-- YOUR ASSIGNMENT --
The line containing "gpt: A dense" marks the start; please restate exactly that line and only the lines following it through the end of the material below.

───

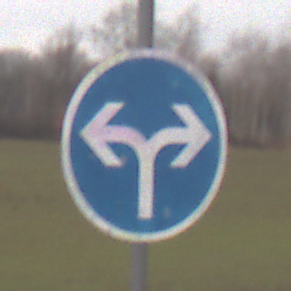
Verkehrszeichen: VorgeschriebeneFahrtrichtungRechtsOderLinks
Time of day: Midday
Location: Outdoor (RoadRail)
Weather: Overcast
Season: NotSpecified
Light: Natural
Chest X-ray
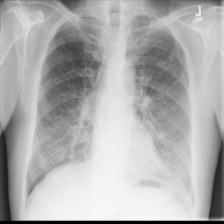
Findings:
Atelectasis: negative
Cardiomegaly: negative
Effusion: negative
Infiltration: negative
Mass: negative
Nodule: negative
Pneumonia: negative
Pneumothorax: negative
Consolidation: negative
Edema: negative
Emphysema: negative
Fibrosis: negative
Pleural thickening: negative
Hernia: negative
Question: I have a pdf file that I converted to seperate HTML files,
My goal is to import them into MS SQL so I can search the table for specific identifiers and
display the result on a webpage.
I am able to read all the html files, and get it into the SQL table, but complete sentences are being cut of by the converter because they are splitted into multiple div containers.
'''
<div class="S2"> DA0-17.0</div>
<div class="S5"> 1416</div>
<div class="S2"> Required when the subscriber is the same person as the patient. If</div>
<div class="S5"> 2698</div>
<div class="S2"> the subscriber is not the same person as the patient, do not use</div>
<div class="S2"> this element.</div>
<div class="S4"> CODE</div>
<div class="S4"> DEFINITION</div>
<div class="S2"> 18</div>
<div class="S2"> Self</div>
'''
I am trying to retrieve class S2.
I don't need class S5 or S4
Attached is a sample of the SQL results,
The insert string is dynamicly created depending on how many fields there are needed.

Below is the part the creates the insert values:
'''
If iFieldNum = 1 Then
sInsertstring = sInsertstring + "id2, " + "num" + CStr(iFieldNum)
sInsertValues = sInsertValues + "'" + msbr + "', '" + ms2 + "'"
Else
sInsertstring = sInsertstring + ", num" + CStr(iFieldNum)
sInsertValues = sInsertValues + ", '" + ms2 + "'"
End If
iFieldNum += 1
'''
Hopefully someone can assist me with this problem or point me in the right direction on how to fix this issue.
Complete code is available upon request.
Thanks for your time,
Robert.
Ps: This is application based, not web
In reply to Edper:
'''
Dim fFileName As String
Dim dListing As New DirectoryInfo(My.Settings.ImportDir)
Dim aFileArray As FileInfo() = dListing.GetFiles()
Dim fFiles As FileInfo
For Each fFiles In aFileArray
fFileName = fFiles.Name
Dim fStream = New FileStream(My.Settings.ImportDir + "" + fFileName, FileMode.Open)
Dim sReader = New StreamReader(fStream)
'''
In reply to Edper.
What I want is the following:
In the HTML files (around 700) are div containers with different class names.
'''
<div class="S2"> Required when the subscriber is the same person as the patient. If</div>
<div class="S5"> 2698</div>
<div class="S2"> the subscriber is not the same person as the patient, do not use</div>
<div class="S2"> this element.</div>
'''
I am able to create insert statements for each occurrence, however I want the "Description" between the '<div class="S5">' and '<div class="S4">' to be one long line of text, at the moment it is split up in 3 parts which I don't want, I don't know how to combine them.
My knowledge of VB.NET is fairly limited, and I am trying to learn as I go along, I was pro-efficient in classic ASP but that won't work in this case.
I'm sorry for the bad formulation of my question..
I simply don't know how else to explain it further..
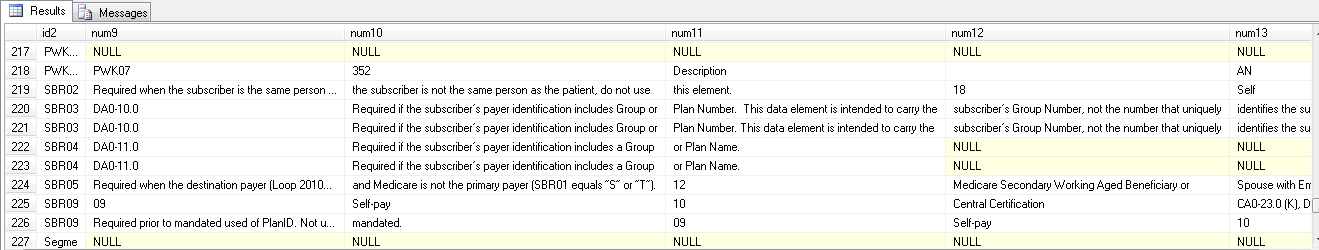
Answer: You could probably drop a 'Webbrowser' control in your form and then just make it 'visible = false' so as not to show it. Then just declare a global variable for string builder like:
'''
Dim builder As New StringBuilder
'''
Then when you get all the HTML files in this code and you could probably do like this:
'''
Dim fFileName As String
Dim dListing As New DirectoryInfo(My.Settings.ImportDir)
Dim aFileArray As FileInfo() = dListing.GetFiles()
Dim fFiles As FileInfo
For Each fFiles In aFileArray
WebBrowser1.Navigate(dListing&""&fFiles)
Next
'''
And when the html is loaded completely using the 'WebBrowser1_DocumentCompleted' event you then get all the classes (like 'S2') from the multiple 'divs' like:
'''
Dim elems As HtmlElementCollection
elems = WebBrowser1.Document.GetElementsByTagName("DIV")
For Each elem As HtmlElement In elems
If (elem.GetAttribute("className") = "S2") Then
builder.Append(elem.InnerHtml).Append(" ")
End If
Next
'Do something for string builder (i.e. builder.ToString()) here before clearing the String Builder like this could be where you insert the records to your table probably
builder.Clear()
'''
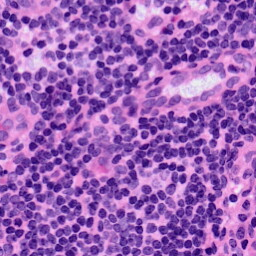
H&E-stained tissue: LymphNode
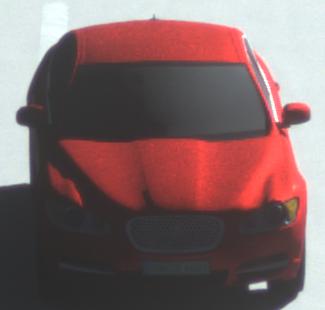
Make: Jaguar
Model: XF 3.0 V6
Detailed model: XF (X250) Limousine
Model produced from: 2010/02
Model produced until: 2010/10
Doors: 4
Color: red
Road condition: dry road
Daytime: morning or afternoon
Contrast: high contrast
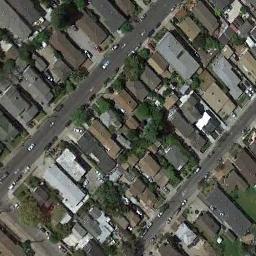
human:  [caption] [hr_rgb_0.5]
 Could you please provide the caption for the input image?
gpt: A dense residential area has some trees and houses of different sizes while some roads go through the residential area .

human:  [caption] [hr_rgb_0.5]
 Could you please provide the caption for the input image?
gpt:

───

-- RESULT OF THE TASK --
gpt: A dense residential area has some trees and houses of different sizes while some roads go through the residential area .

human:  [caption] [hr_rgb_0.5]
 Could you please provide the caption for the input image?
gpt:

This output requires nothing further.